• Task
Lines from the listing below that contain the string "data" are to be reported.

• Input records
▬▬▬▬▬▬▬▬▬▬

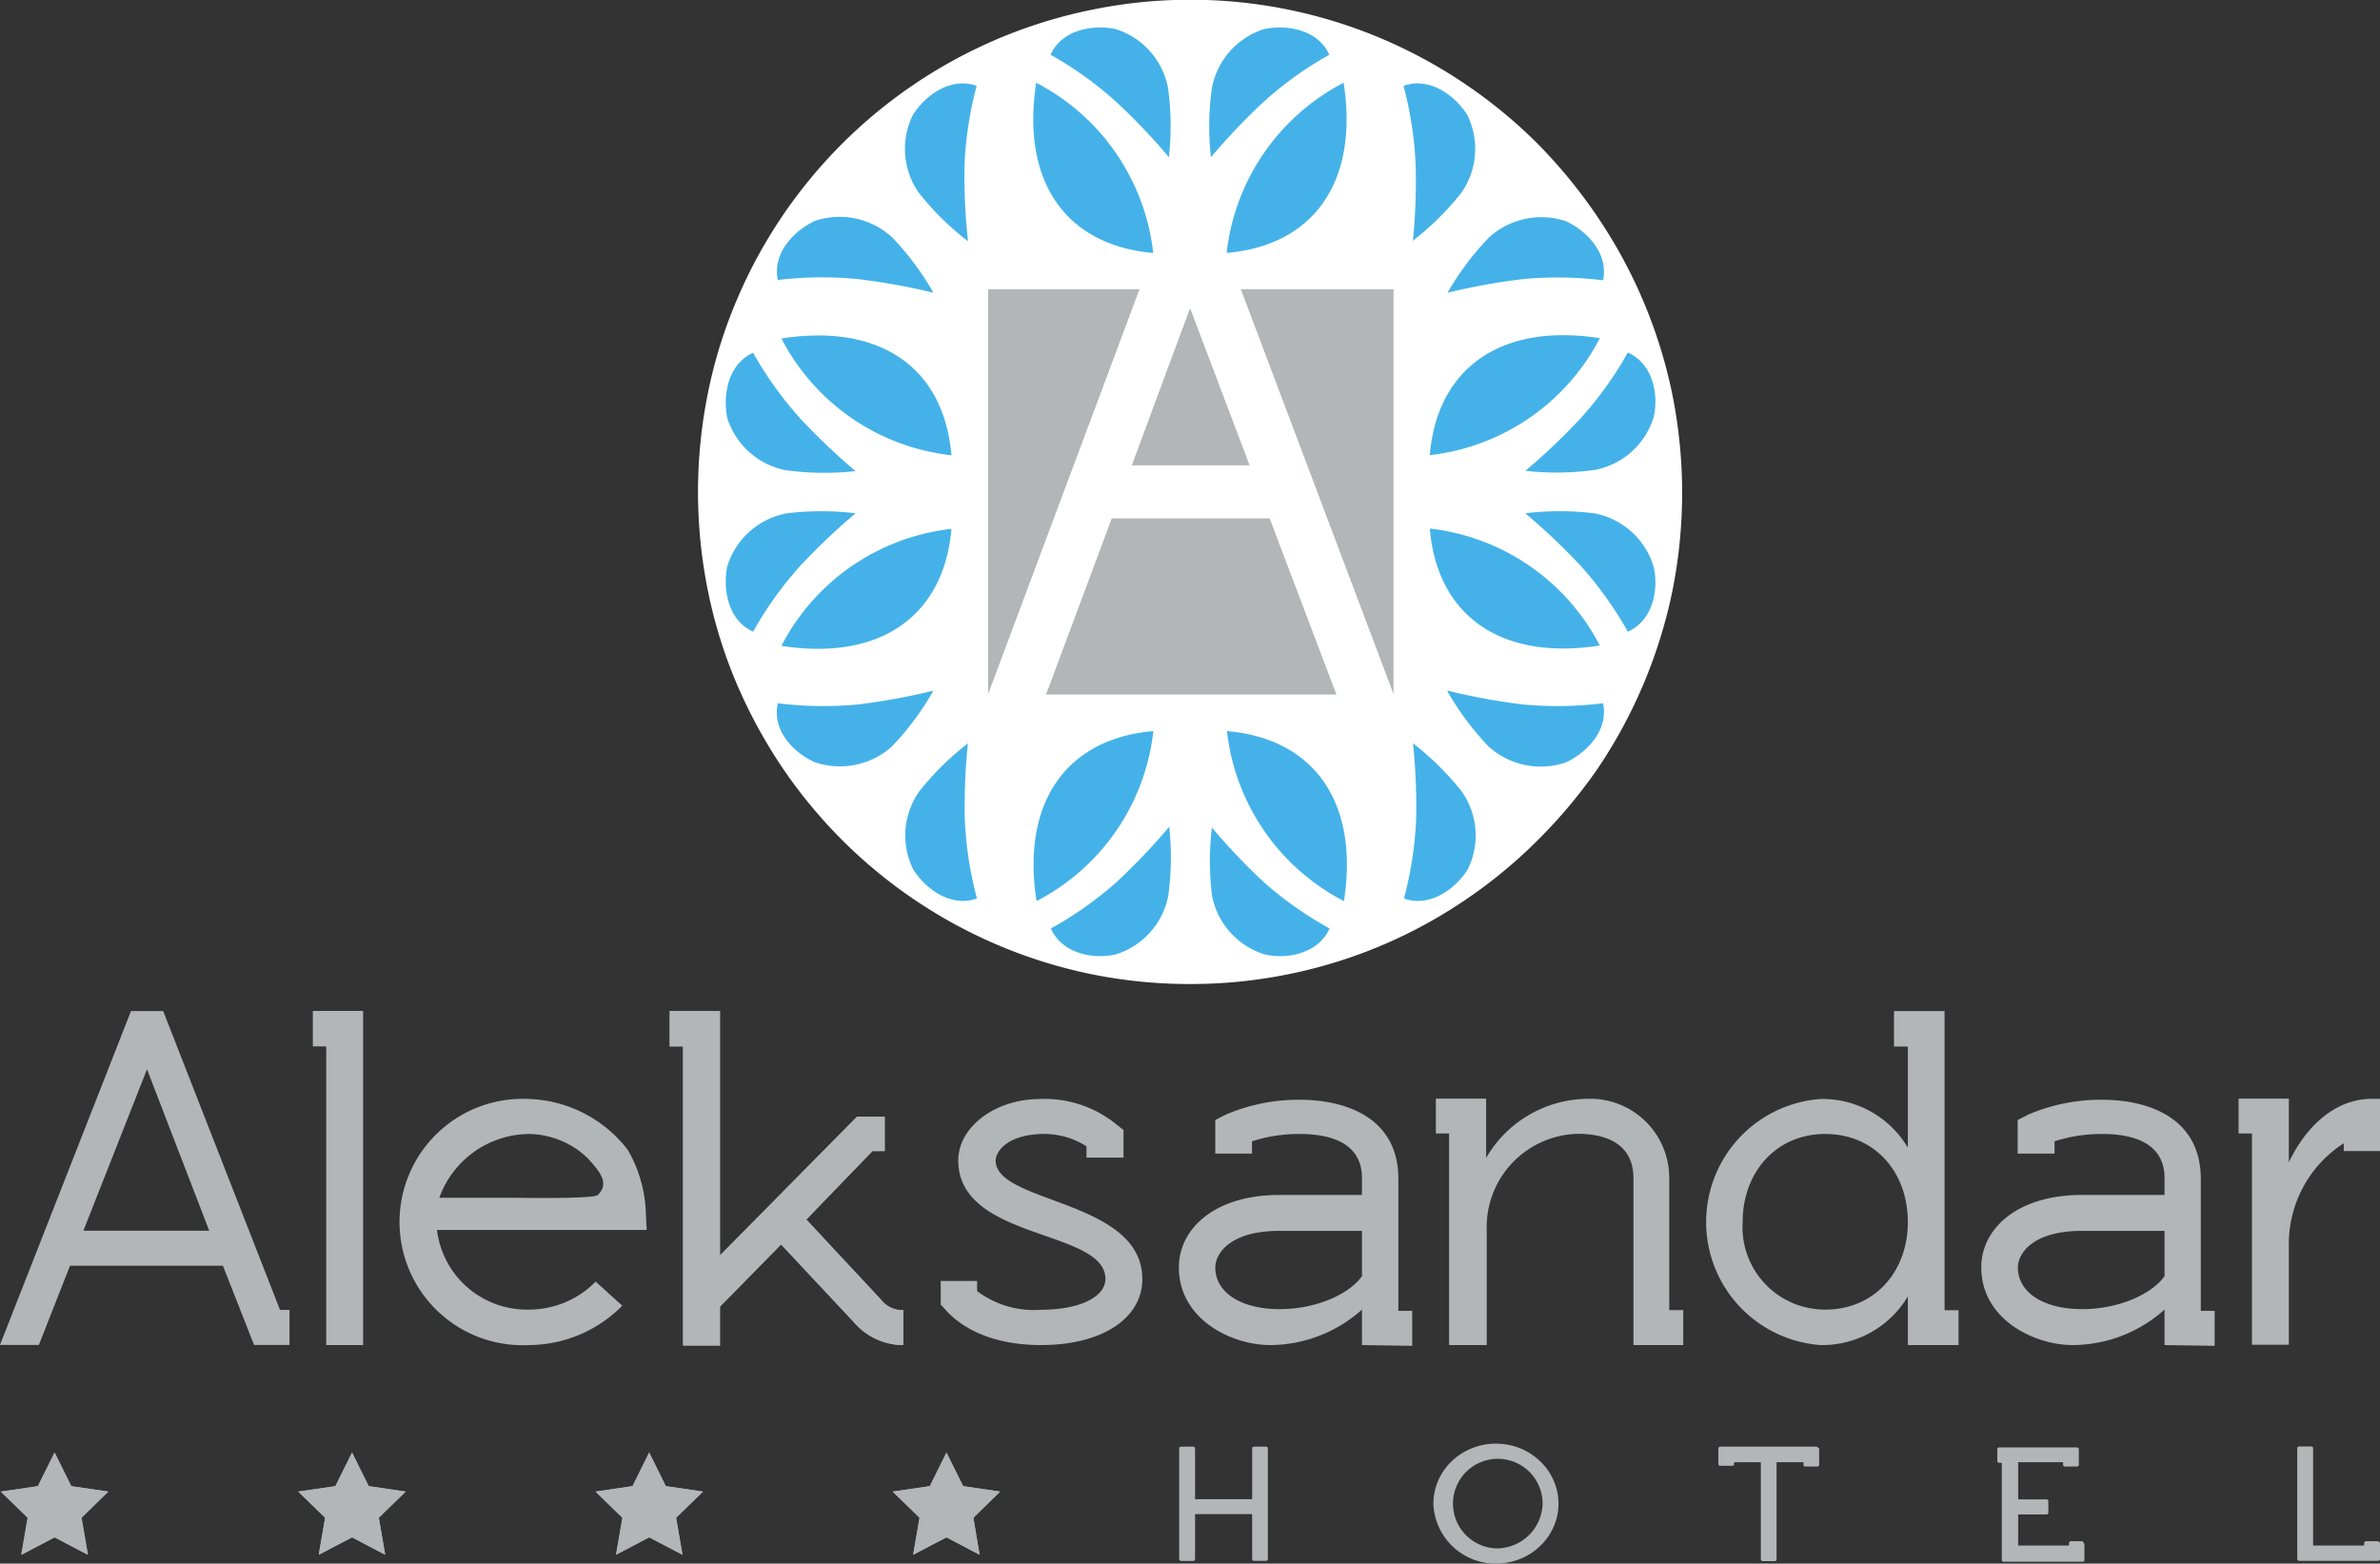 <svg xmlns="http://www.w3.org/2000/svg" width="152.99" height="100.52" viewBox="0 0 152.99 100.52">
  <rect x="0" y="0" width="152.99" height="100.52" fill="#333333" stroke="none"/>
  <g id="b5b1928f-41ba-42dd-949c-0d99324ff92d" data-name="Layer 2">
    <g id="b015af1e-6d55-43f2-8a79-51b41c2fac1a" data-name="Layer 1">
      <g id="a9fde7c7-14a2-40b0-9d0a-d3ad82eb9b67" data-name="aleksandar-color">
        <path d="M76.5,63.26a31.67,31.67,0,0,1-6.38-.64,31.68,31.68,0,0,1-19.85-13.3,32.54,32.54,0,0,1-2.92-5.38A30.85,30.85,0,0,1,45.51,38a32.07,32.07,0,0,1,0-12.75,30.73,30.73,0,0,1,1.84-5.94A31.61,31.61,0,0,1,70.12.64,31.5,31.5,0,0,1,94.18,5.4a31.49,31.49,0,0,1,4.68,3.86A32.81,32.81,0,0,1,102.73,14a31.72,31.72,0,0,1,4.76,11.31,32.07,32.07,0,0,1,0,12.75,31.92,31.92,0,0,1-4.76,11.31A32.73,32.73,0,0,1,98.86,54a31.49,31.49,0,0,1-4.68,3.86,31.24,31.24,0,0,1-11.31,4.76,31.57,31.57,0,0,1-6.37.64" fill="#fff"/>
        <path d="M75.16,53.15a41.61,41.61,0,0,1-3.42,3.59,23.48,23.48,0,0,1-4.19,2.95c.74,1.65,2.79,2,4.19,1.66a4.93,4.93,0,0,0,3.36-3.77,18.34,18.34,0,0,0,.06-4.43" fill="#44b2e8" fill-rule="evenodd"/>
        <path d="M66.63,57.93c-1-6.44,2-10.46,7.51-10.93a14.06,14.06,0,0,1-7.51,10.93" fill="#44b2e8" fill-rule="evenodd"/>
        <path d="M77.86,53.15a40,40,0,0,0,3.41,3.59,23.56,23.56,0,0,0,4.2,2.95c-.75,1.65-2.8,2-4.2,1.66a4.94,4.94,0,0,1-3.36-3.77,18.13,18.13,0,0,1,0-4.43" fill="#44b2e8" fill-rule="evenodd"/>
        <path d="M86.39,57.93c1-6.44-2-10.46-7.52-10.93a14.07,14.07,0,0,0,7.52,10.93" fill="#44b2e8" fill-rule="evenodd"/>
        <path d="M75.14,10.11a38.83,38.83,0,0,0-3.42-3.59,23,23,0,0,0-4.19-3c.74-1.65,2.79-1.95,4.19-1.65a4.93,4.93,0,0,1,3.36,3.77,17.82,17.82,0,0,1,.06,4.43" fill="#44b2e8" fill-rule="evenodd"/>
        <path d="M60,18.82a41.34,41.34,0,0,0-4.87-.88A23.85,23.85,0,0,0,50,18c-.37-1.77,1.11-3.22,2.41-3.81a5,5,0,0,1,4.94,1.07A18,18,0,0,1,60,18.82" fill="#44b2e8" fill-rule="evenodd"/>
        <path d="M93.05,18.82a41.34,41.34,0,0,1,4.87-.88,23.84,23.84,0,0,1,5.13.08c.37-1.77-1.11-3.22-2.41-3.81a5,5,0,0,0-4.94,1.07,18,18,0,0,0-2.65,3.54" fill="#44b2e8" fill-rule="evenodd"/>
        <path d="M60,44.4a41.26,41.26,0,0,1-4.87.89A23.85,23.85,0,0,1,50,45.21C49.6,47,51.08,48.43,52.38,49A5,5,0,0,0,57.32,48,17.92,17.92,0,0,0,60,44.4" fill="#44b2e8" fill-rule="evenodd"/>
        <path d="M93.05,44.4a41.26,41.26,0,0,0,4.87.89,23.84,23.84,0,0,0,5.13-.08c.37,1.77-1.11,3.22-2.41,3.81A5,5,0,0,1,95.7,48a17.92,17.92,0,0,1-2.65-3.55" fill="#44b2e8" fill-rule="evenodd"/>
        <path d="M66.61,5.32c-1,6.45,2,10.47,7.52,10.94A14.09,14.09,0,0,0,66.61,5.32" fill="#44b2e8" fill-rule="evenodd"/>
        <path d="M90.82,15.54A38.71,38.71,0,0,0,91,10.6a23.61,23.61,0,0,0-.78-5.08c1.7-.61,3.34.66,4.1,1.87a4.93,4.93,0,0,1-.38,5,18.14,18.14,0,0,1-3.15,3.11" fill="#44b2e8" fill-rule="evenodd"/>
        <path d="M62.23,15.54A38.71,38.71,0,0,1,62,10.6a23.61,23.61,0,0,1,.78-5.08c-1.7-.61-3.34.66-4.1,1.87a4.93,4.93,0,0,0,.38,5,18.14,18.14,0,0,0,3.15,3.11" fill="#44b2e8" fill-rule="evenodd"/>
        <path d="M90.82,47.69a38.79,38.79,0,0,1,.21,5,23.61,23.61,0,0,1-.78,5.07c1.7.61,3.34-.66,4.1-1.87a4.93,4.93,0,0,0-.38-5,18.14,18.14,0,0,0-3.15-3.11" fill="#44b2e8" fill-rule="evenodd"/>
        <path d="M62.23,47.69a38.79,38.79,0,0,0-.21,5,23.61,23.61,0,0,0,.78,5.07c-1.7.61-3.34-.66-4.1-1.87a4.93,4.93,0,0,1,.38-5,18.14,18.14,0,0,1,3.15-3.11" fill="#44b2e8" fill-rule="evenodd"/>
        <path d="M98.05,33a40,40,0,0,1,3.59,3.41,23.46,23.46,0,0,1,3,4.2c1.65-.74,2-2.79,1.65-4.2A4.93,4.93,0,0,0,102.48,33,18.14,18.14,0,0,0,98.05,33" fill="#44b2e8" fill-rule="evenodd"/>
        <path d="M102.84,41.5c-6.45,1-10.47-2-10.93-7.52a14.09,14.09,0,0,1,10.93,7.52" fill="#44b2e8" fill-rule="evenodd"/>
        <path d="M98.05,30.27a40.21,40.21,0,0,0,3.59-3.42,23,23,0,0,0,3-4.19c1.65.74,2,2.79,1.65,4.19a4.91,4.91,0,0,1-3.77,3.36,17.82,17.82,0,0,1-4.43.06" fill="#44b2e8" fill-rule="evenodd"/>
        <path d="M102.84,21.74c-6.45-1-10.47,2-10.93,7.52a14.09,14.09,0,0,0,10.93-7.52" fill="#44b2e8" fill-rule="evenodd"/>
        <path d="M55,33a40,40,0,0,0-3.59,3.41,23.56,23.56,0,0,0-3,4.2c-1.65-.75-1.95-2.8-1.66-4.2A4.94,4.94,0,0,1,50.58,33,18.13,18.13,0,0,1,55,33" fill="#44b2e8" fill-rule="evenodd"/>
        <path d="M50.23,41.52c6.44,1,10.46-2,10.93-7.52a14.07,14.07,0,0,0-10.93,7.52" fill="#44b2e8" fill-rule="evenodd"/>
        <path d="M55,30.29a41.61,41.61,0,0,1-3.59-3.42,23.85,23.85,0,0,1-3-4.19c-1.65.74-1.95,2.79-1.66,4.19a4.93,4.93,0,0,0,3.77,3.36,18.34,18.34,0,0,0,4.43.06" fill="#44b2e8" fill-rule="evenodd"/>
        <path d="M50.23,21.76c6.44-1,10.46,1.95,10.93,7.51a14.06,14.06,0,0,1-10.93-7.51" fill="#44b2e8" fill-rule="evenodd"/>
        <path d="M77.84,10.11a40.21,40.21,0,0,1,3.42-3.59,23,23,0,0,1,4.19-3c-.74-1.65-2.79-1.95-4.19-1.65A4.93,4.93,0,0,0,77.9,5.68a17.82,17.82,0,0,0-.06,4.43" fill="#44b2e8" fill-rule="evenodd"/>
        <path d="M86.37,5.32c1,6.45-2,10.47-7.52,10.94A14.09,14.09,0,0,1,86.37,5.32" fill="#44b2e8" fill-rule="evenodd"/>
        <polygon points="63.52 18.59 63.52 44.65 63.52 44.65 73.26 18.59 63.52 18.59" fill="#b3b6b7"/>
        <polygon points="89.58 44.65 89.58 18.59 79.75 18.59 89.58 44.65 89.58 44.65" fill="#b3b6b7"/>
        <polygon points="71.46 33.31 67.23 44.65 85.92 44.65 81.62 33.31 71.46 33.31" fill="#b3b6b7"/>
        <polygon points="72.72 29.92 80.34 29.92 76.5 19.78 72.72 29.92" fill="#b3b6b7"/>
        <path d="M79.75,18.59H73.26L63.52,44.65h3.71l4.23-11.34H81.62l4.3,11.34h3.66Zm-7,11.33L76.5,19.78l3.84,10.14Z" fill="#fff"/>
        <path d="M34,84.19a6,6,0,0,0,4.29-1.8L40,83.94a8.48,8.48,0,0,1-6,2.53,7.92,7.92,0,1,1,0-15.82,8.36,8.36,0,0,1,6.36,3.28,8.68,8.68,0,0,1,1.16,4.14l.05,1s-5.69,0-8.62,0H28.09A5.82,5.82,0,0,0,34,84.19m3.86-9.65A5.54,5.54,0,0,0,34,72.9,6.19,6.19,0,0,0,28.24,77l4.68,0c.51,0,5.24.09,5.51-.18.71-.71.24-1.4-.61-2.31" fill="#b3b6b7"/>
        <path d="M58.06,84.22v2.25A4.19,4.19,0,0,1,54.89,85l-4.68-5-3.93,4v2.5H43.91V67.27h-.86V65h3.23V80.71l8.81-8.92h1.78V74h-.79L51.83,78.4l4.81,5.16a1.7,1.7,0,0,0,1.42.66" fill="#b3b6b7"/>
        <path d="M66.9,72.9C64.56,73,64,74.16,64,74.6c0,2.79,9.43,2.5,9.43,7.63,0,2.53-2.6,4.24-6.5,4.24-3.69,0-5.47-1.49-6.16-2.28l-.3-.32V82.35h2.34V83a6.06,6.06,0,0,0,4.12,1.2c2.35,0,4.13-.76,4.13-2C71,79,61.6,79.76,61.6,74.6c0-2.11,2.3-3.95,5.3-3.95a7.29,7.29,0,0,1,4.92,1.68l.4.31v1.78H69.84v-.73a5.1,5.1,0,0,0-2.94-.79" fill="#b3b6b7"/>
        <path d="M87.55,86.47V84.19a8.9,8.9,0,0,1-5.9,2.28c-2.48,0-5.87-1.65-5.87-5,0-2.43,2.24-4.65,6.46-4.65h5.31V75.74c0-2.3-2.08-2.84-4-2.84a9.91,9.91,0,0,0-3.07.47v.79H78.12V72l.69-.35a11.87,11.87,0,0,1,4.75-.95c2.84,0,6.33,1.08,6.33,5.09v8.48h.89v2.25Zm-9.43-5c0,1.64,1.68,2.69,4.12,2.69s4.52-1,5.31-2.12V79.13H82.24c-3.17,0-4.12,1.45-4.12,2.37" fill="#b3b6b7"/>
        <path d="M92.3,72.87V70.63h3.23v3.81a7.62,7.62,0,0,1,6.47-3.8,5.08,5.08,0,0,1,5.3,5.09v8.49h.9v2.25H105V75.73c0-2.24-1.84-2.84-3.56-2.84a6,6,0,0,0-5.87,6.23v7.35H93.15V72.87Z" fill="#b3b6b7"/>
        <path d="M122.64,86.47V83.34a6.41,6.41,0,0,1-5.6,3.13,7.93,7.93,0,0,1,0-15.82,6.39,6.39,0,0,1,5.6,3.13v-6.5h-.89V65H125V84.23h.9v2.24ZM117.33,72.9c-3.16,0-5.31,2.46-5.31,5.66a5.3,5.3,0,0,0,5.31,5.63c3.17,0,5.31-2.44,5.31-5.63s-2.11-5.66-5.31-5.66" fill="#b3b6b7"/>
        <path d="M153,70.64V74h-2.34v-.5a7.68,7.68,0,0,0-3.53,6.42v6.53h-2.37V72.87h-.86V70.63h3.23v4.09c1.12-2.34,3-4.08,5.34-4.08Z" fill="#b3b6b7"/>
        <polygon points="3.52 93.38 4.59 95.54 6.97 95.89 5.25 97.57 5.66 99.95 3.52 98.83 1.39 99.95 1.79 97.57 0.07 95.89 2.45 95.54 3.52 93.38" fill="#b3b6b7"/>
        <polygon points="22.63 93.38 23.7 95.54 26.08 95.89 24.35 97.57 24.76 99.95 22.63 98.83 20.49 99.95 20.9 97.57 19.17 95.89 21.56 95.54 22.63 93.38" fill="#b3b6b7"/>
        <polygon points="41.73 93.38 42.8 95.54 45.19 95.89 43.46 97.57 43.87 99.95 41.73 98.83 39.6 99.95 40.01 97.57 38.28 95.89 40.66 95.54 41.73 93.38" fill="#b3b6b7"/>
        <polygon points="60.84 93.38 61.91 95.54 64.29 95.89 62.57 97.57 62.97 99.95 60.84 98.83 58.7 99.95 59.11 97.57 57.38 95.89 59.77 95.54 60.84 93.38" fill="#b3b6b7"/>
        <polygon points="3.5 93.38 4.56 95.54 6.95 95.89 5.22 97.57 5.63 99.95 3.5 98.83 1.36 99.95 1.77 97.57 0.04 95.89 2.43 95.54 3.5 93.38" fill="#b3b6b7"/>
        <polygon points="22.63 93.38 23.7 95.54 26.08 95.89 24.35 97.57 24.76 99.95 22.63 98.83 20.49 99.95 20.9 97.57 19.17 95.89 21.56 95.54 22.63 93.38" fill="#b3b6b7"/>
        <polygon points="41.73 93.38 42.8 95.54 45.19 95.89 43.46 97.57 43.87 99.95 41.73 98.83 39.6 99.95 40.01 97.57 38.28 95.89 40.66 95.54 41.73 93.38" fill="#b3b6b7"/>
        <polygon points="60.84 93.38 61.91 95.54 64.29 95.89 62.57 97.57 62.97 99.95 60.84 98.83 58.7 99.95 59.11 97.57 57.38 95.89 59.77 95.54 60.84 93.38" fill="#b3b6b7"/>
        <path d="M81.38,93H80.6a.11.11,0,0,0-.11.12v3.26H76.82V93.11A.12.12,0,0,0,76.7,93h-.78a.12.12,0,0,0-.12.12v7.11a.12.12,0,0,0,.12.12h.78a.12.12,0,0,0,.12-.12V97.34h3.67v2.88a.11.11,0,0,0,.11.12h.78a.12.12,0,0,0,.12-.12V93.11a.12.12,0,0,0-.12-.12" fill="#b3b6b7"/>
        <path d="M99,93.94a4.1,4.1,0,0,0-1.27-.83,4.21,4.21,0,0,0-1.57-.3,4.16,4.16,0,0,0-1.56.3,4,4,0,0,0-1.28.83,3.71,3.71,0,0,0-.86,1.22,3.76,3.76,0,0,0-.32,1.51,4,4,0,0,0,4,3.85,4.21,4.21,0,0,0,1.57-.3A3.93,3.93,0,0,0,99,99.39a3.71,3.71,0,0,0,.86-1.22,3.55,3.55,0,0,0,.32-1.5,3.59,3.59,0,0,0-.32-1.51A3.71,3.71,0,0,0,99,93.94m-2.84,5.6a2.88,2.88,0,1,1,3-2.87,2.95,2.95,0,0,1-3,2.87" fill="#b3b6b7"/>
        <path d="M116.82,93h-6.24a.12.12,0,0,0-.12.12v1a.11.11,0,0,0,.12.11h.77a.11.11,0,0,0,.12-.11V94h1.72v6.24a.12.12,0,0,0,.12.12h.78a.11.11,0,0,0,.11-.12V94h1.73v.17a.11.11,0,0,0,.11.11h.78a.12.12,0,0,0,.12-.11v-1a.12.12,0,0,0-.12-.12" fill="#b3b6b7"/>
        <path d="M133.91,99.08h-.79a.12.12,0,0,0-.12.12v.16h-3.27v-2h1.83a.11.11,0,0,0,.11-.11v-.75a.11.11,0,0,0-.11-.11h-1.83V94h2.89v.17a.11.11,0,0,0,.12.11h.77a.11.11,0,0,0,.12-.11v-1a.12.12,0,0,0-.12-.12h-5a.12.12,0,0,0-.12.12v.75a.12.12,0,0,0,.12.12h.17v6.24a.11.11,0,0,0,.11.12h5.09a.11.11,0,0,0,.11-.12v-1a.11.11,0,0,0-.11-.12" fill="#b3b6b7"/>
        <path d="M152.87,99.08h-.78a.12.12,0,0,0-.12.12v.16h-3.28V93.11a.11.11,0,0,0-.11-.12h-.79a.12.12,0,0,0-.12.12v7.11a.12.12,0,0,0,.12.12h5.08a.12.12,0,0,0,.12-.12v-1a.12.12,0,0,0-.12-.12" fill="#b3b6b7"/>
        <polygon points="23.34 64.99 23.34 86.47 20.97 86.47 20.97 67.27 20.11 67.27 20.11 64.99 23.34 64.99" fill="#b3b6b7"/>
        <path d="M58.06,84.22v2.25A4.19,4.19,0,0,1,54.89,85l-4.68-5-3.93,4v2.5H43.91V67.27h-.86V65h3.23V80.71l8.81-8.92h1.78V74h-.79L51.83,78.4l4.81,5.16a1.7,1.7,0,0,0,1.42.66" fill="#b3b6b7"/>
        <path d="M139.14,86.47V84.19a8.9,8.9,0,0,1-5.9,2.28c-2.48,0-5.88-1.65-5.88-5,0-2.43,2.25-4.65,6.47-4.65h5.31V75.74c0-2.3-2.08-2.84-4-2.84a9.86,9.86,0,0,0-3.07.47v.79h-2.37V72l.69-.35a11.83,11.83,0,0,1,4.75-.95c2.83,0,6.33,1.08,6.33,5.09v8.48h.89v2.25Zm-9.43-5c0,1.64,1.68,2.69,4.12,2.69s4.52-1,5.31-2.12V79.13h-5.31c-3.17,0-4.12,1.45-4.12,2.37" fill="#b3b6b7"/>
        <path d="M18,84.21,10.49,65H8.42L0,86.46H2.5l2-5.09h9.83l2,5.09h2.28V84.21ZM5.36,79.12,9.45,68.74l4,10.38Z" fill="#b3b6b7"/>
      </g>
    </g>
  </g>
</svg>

▬▬▬▬▬▬▬▬▬▬

• Answer section
  <g id="b5b1928f-41ba-42dd-949c-0d99324ff92d" data-name="Layer 2">
    <g id="b015af1e-6d55-43f2-8a79-51b41c2fac1a" data-name="Layer 1">
      <g id="a9fde7c7-14a2-40b0-9d0a-d3ad82eb9b67" data-name="aleksandar-color">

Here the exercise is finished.